Many published studies have also showed a positive effect of mixing essential oils with other lipids on physical stability of nanoemulsions and their droplet size. For example, in the work by Liang et al. peppermint oil was encapsulated by nanoemulsions technique in pure state and mixed with medium chain triglyceride using maize starch as supernatant. Pure peppermint oil, MCT, and their mixture at 1:5, 1:1, and 5:1 (v/v) ratio as oil phase were mixed with aqueous phase were premixed with Ultra-Turrax at 24,000 rpm for 1 min at the room temperature. It was then passed through a high-pressure homogenizer at 50, 100, and 150 MPa for 1, 3, 5, 7, 10, 15, or 20 cycles respectively. The results showed that addition of MCT brought the droplet size from microscale (4 µm) to nanoscale. Moreover, the mean particle size continuously decreased from first to the last cycle. An increase in pressure from 50 to 100 MPa could result in a significant decrease at particle size. However, application of higher pressures from 100 to 150 MPa in nanoemulsion preparation did not make a significant change in droplet size. The resulting nanoemulsions remained stable for 30 days at 25 °C. Additionally, the study on thyme oil the addition of corn oil (50–75%) resulted in positive effect on particle size and physical stability of nanoemulsions [113].

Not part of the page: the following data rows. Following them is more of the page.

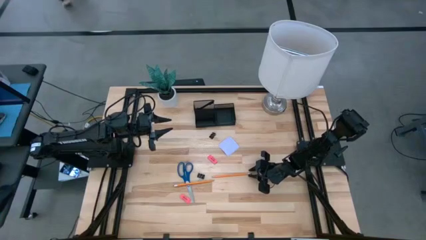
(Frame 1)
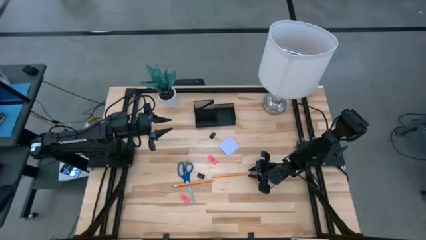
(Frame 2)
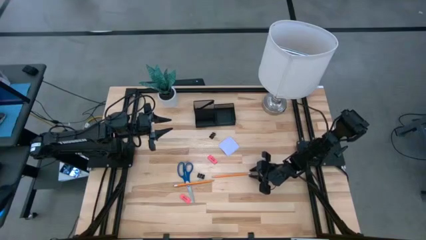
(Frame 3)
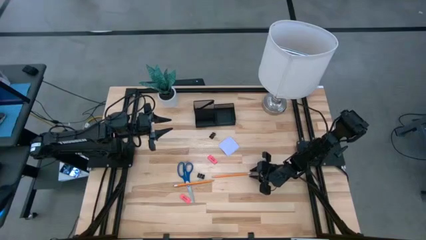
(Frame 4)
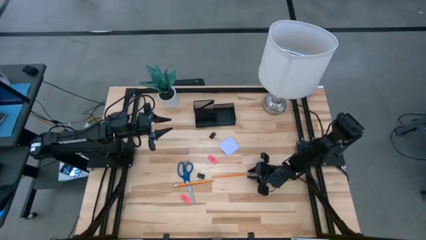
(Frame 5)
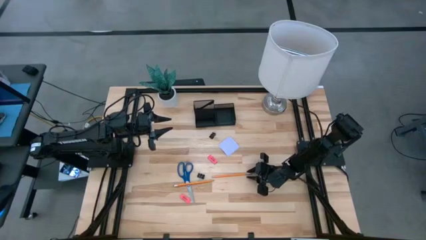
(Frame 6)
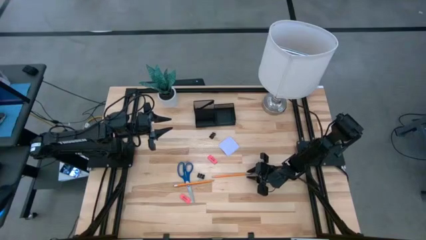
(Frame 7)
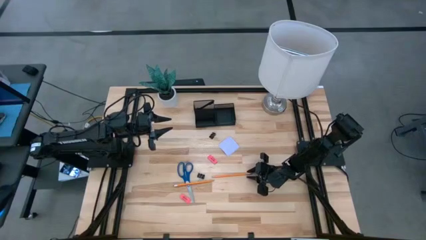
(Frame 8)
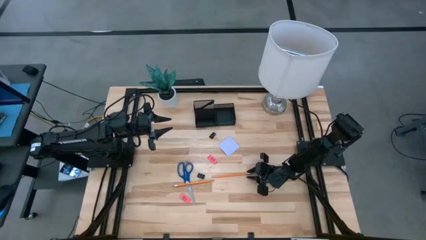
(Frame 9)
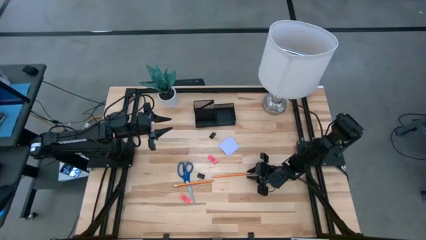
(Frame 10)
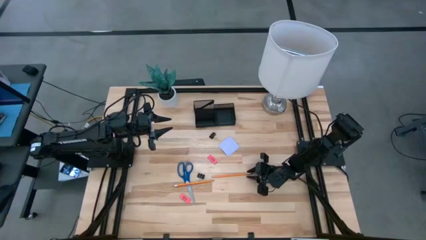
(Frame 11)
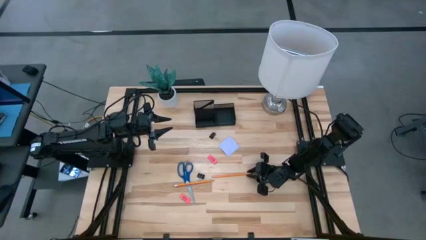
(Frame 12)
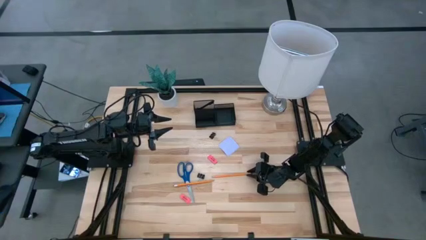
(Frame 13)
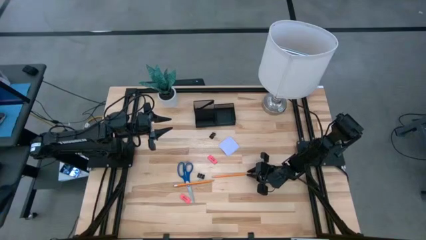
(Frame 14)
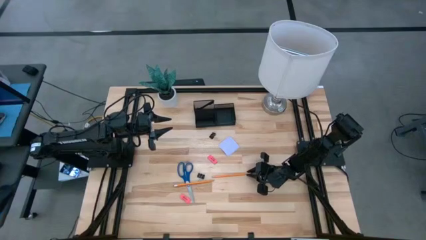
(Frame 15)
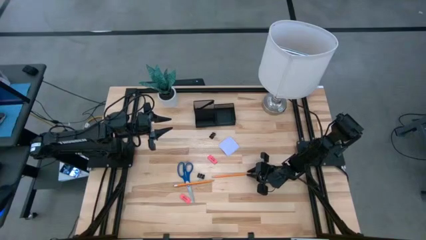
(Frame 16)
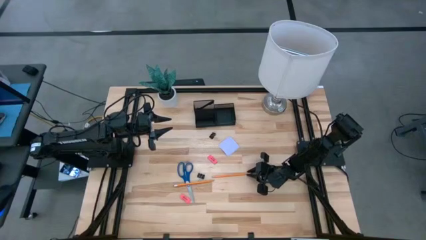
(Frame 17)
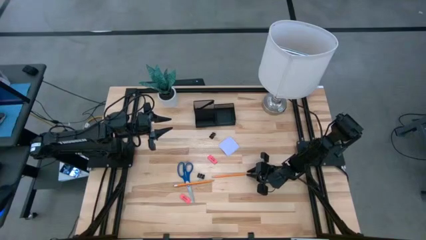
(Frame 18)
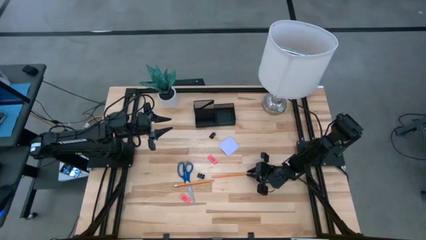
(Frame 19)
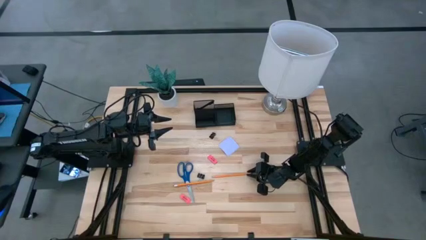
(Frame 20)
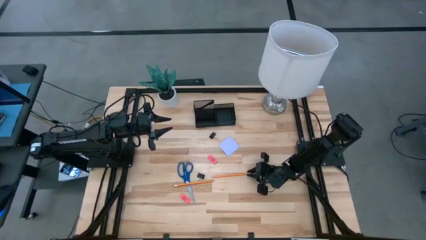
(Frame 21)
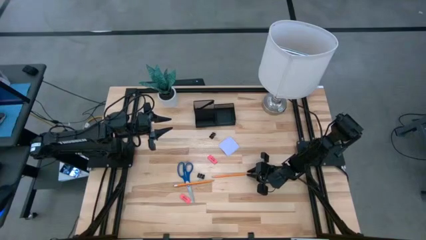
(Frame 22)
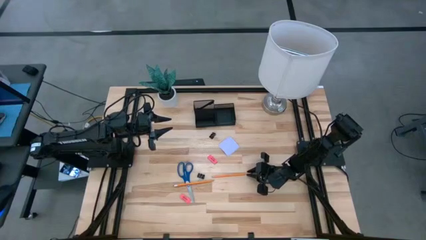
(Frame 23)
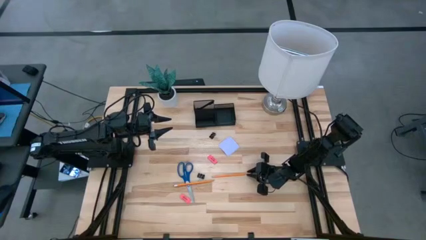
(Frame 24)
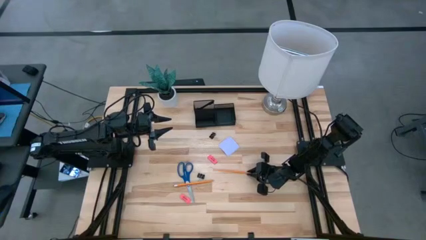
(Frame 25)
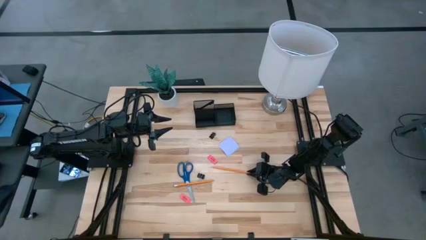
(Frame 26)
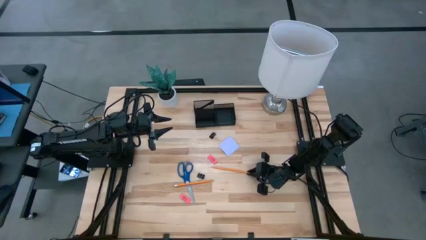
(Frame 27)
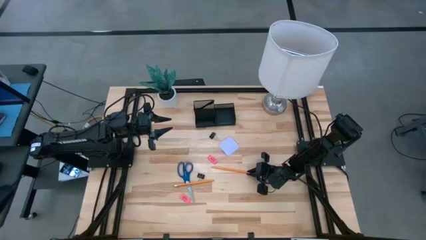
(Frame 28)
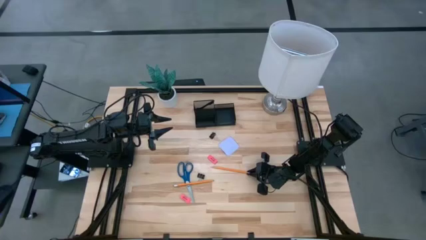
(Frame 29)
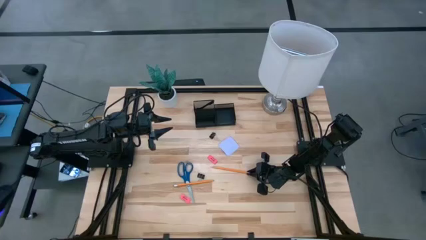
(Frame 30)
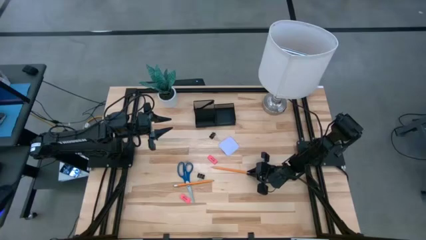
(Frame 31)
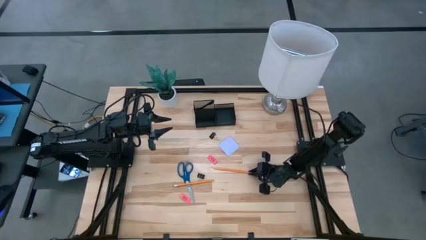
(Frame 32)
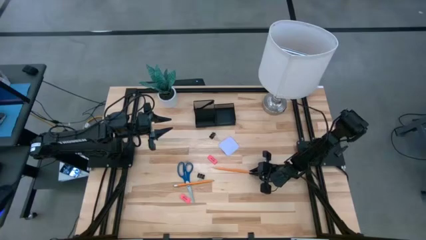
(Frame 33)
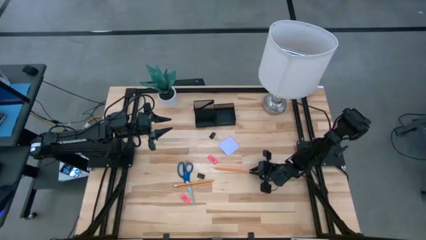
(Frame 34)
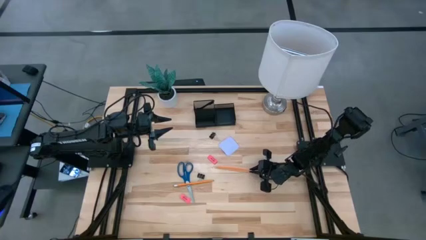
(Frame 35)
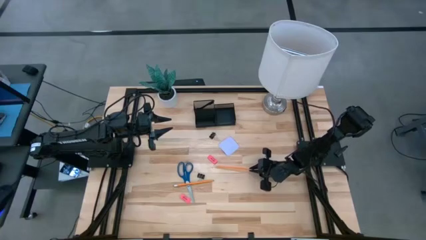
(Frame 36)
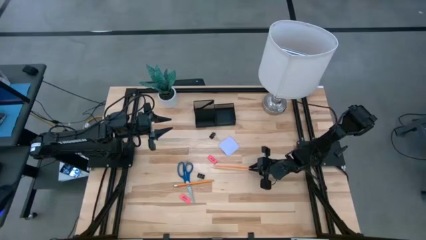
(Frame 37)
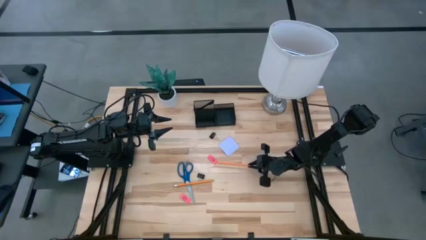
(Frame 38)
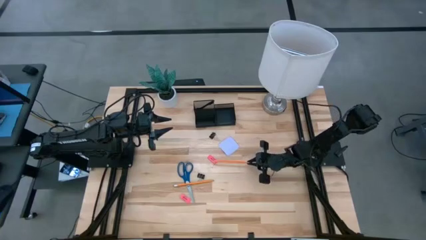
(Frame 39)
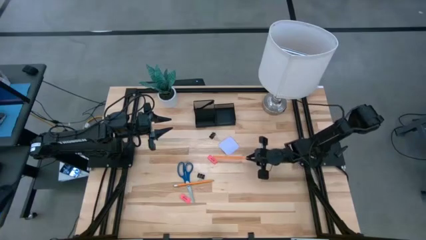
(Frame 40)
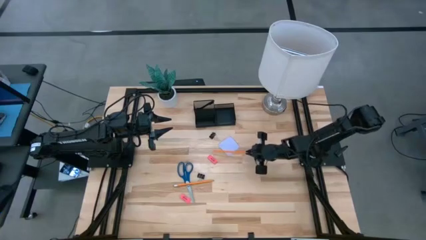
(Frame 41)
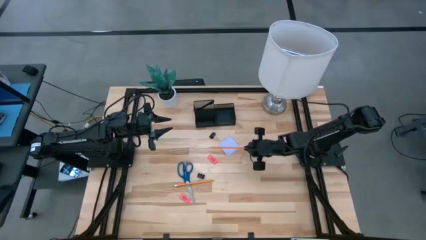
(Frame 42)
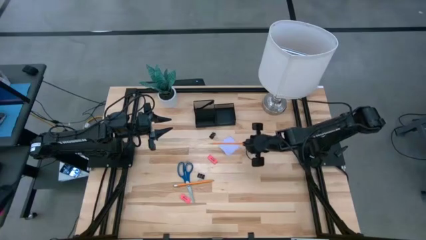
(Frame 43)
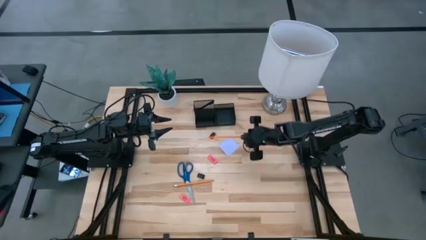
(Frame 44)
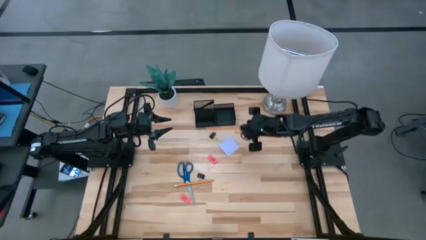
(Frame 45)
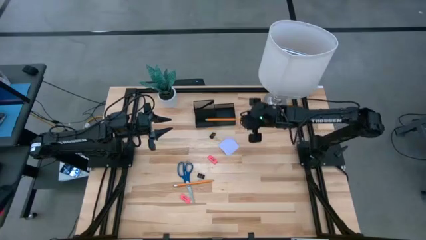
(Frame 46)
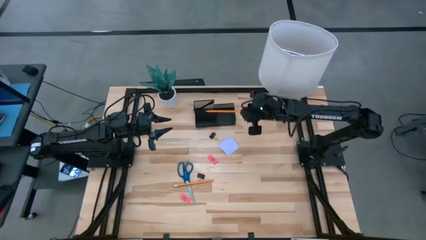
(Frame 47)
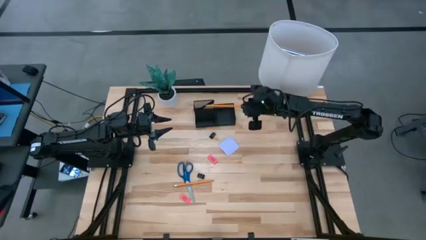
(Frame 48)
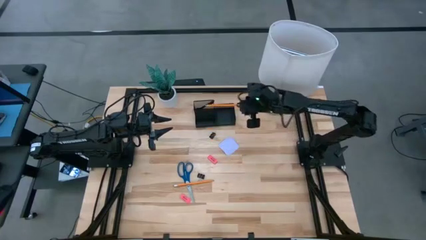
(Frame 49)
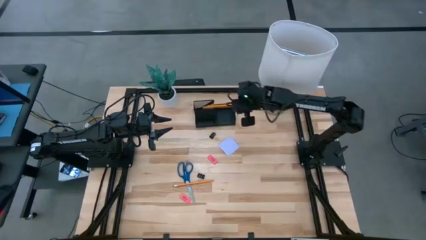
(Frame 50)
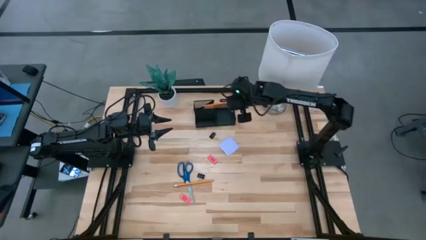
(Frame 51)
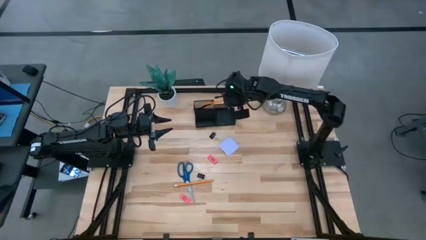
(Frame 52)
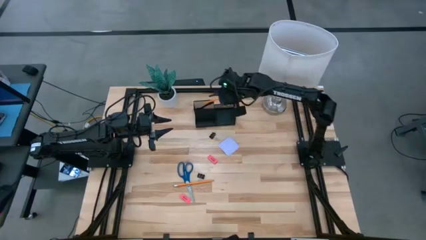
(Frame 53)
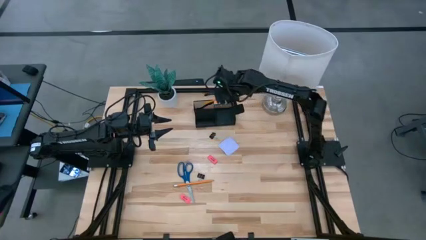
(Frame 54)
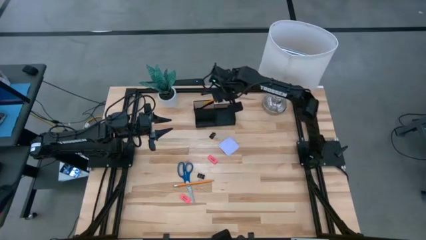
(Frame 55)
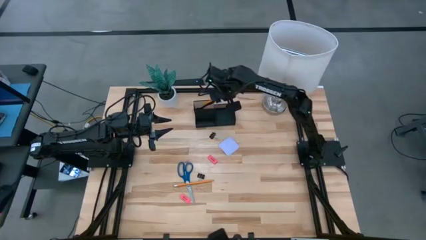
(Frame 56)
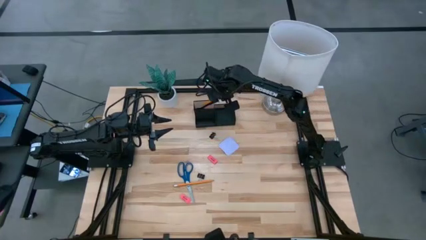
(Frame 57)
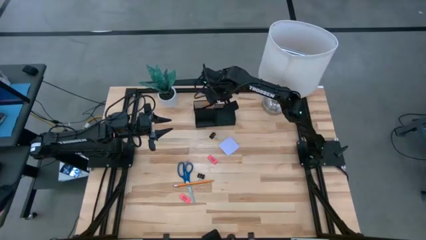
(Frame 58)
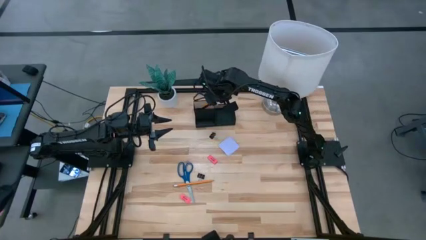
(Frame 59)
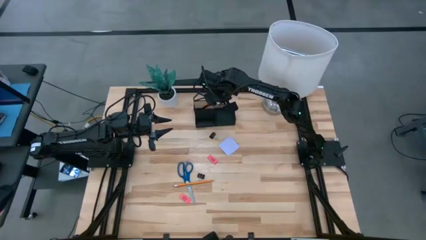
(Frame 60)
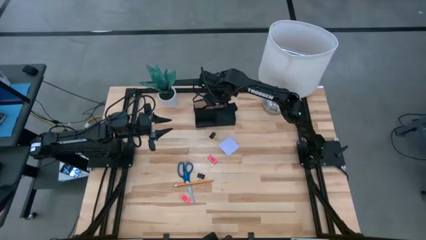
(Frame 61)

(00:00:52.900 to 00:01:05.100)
Task: Pick and place office supplies into organizer
Put the right orange pencil into the black desk organizer

However, in some cases nanoemulsions with pure essential oils were successfully prepared. For instance, the lemongrass essential oil with Tween 80 and sodium alginate as surfactant [95] and oregano, thyme, lemongrass and mandarin essential oil in nanoemulsions stabilized with Tween 80 and high methoxyl pectin [100].

4. Conclusions

The present review gives an insight regarding current advances in the technological and practical aspects of encapsulation of liposoluble bioactives by nanoemulsions. There are different structured nanoemulsion methods including low-energy and high-energy methods widely available for the successful encapsulation. Oil-in-water nanoemulsions remain the most widely used encapsulation systems of lipid-soluble bioactives in the food industry. Among lipid-soluble vitamins, most studies have focused on encapsulation of tocopherols, carotenoids and vitamin D by nanoemulsions, while the knowledge on vitamins A and K is still limited. There is increasing interest to use nanoemulsions for encapsulation of polyunsaturated fatty acids and essential oils.

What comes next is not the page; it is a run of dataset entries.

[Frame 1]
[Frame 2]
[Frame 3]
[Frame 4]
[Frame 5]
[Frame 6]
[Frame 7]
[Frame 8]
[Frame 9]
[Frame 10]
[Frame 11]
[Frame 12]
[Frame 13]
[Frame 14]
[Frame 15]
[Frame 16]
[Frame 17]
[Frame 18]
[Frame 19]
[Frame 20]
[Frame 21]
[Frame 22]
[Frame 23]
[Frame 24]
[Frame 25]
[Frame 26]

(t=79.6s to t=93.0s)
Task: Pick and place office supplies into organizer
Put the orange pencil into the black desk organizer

The main challenges are linked to optimization of encapsulation conditions and the choice of the emulsifiers to stabilize nanoemulsions. Core materials, emulsifier type and production conditions have a significant impact on both the chemical and physical stability of nanoemulsions and need to be investigated and optimized. The authors are aiming to study properties of the aqueous phase (polarity and ionic strength), lipid phase (polarity, physical state, composition), and surfactant (small molecular weight vs. biopolymer) in order to obtain stable nanoemulsions. However, extensive chemical and physical characterization of the resulting nanoemulsions is limiting the number of parameters that can be studied in one study. Overall, the current research shows droplets with reduced diameter or radius are more stable to aggregation and creaming, which leads to better encapsulation of lipid-soluble bioactives and more stable nanoemulsions. A better understanding of the factors having impact on the nanoemulsion stability will allow the prevention of bioactive degradation, providing a longer shelf-life and presenting the benefits of nanoemulsion technology in food applications.

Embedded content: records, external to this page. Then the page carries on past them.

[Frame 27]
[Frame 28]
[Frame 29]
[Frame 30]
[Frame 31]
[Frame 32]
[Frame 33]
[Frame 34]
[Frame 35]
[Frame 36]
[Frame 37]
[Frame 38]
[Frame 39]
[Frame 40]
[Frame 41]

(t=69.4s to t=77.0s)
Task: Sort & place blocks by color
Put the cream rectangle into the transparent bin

According to recently published studies, the chemical stability and bioavailability of lipid-soluble bioactives can be significantly improved by encapsulation in nanoemulsions. The small diameter of the oil droplets increases their surface-to-volume ratio which, in the case of encapsulated bioactive molecules, increases their absorption during digestion. In summary, nanoemulsions are an excellent means for encapsulation of lipid-soluble bioactives in food applications.